== EXERCISE DIRECTIONS ==
Scan the records below. List lines holding "carrots".

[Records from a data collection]

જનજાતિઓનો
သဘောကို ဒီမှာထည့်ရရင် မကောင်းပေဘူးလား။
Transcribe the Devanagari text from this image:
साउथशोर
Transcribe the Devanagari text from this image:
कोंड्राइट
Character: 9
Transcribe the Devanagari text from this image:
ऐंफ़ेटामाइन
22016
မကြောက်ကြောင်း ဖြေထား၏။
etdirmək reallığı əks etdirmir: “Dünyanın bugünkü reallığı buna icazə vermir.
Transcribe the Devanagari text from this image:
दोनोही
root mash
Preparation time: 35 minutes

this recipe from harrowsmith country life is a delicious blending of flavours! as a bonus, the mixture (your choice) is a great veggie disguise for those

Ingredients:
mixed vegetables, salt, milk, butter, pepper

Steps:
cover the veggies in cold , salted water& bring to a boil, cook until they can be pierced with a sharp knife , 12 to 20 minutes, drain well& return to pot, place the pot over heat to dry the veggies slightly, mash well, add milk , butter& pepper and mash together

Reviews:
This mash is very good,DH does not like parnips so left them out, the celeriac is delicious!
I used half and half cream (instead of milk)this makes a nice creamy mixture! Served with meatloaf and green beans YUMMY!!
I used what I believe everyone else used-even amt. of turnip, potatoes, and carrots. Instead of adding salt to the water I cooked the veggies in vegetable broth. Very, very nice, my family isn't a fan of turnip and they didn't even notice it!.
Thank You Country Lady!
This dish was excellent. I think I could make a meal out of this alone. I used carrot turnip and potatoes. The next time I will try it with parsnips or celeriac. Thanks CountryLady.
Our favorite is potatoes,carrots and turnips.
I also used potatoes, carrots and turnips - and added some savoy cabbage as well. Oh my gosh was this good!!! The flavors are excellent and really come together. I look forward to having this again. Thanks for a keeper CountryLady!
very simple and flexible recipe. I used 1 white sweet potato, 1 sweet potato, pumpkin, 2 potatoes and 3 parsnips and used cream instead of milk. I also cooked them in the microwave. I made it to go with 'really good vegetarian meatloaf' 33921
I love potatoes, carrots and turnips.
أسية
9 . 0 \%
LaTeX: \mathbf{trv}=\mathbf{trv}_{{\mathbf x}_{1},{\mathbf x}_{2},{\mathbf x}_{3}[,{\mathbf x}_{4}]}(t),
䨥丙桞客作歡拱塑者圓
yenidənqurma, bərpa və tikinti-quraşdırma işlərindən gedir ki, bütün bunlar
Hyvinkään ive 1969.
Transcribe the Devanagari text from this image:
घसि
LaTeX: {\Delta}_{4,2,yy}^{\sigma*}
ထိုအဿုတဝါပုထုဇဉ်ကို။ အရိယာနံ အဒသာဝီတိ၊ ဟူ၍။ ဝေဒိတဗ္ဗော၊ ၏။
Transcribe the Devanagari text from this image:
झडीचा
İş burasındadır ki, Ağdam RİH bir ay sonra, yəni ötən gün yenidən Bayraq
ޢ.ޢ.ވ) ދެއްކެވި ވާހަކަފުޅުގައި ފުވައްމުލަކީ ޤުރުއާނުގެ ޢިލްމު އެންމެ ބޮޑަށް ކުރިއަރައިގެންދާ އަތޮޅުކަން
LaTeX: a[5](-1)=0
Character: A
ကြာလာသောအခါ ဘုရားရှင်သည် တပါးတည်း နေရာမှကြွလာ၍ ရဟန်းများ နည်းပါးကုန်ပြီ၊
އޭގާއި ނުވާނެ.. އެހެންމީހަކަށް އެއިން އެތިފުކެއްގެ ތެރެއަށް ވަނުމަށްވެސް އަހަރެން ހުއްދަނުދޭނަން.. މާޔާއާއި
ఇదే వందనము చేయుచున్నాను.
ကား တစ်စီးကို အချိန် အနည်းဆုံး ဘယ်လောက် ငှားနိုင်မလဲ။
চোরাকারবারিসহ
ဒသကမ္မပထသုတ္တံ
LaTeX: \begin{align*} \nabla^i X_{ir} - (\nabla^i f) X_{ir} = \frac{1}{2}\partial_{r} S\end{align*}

== RESPONSE ==
I used what I believe everyone else used-even amt. of turnip, potatoes, and carrots. Instead of adding salt to the water I cooked the veggies in vegetable broth. Very, very nice, my family isn't a fan of turnip and they didn't even notice it!.
Our favorite is potatoes,carrots and turnips.
I also used potatoes, carrots and turnips - and added some savoy cabbage as well. Oh my gosh was this good!!! The flavors are excellent and really come together. I look forward to having this again. Thanks for a keeper CountryLady!
I love potatoes, carrots and turnips.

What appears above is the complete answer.